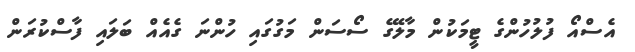
އެސްއޯ ފުލުހުންގެ ޓީމަކުން މާލޭގެ ސޯސަން މަގުގައި ހުންނަ ގެއެއް ބަލައި ފާސްކުރަން
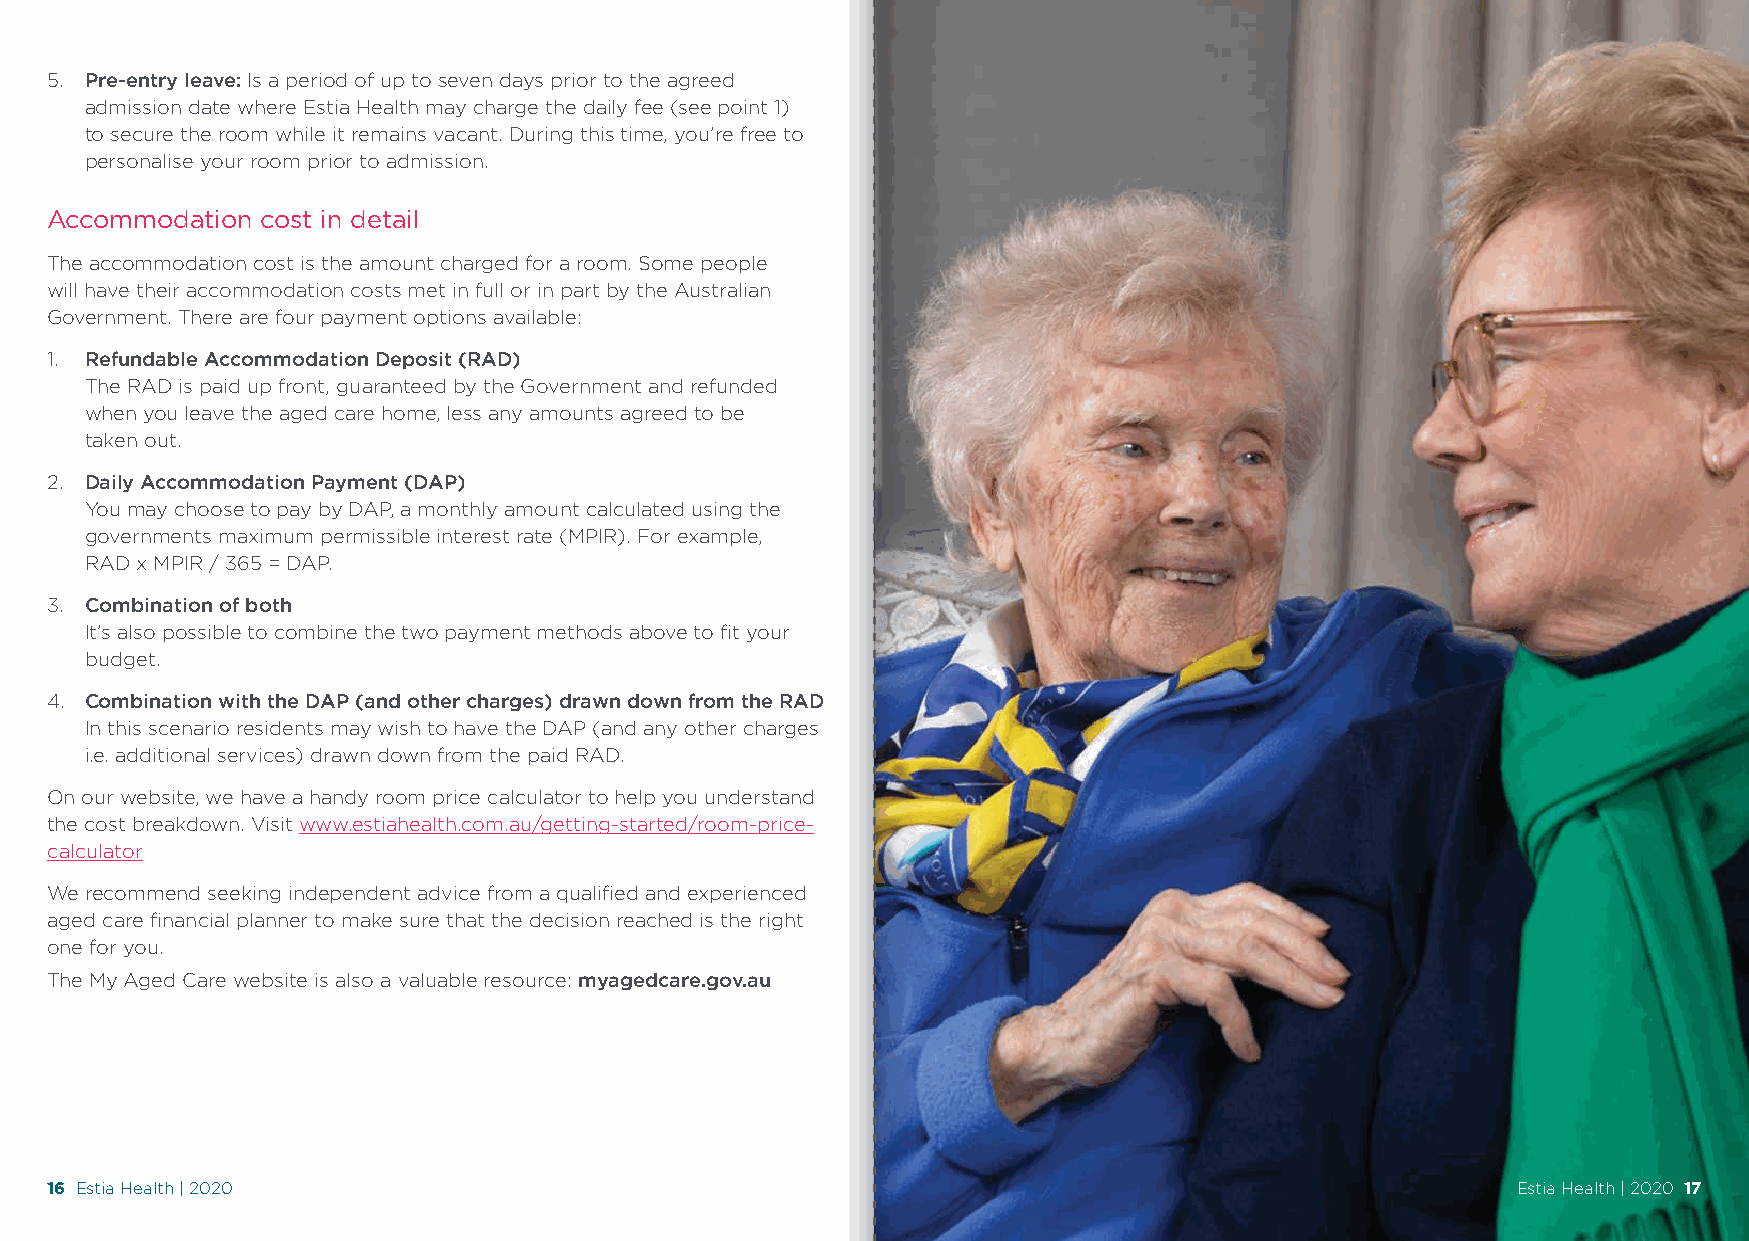
5. Pre-entry leave: Is a period of up to seven days prior to the agreed
 admission date where Estia Health may charge the daily fee (see point 1)
 to secure the room while it remains vacant. During this time, you’re free to
 personalise your room prior to admission.
 Accommodation cost in detail
 The accommodation cost is the amount charged for a room. Some people
 will have their accommodation costs met in full or in part by the Australian
 Government. There are four payment options available:
 1. Refundable Accommodation Deposit (RAD)
 The RAD is paid up front, guaranteed by the Government and refunded
 when you leave the aged care home, less any amounts agreed to be
 taken out.
 2. Daily Accommodation Payment (DAP)
 You may choose to pay by DAP, a monthly amount calculated using the
 governments maximum permissible interest rate (MPIR). For example,
 RAD x MPIR / 365 = DAP.
 3. Combination of both
 It’s also possible to combine the two payment methods above to fit your
 budget.
 4. Combination with the DAP (and other charges) drawn down from the RAD
 In this scenario residents may wish to have the DAP (and any other charges
 i.e. additional services) drawn down from the paid RAD.
 On our website, we have a handy room price calculator to help you understand
 the cost breakdown. Visit www.estiahealth.com.au/getting-started/room-price-
 calculator
 We recommend seeking independent advice from a qualified and experienced
 aged care financial planner to make sure that the decision reached is the right
 one for you.
 The My Aged Care website is also a valuable resource: myagedcare.gov.au
 16 Estia Health | 2020                                                                           Estia Health | 2020 17
##########
**Task details:**
A faithful copy of the entries above is needed, one that contains no images.

**Written reply:**
އެސްއޯ ފުލުހުންގެ ޓީމަކުން މާލޭގެ ސޯސަން މަގުގައި ހުންނަ ގެއެއް ބަލައި ފާސްކުރަން
5. Pre-entry leave: Is a period of up to seven days prior to the agreed
 admission date where Estia Health may charge the daily fee (see point 1)
 to secure the room while it remains vacant. During this time, you’re free to
 personalise your room prior to admission.
 Accommodation cost in detail
 The accommodation cost is the amount charged for a room. Some people
 will have their accommodation costs met in full or in part by the Australian
 Government. There are four payment options available:
 1. Refundable Accommodation Deposit (RAD)
 The RAD is paid up front, guaranteed by the Government and refunded
 when you leave the aged care home, less any amounts agreed to be
 taken out.
 2. Daily Accommodation Payment (DAP)
 You may choose to pay by DAP, a monthly amount calculated using the
 governments maximum permissible interest rate (MPIR). For example,
 RAD x MPIR / 365 = DAP.
 3. Combination of both
 It’s also possible to combine the two payment methods above to fit your
 budget.
 4. Combination with the DAP (and other charges) drawn down from the RAD
 In this scenario residents may wish to have the DAP (and any other charges
 i.e. additional services) drawn down from the paid RAD.
 On our website, we have a handy room price calculator to help you understand
 the cost breakdown. Visit www.estiahealth.com.au/getting-started/room-price-
 calculator
 We recommend seeking independent advice from a qualified and experienced
 aged care financial planner to make sure that the decision reached is the right
 one for you.
 The My Aged Care website is also a valuable resource: myagedcare.gov.au
 16 Estia Health | 2020                                                                           Estia Health | 2020 17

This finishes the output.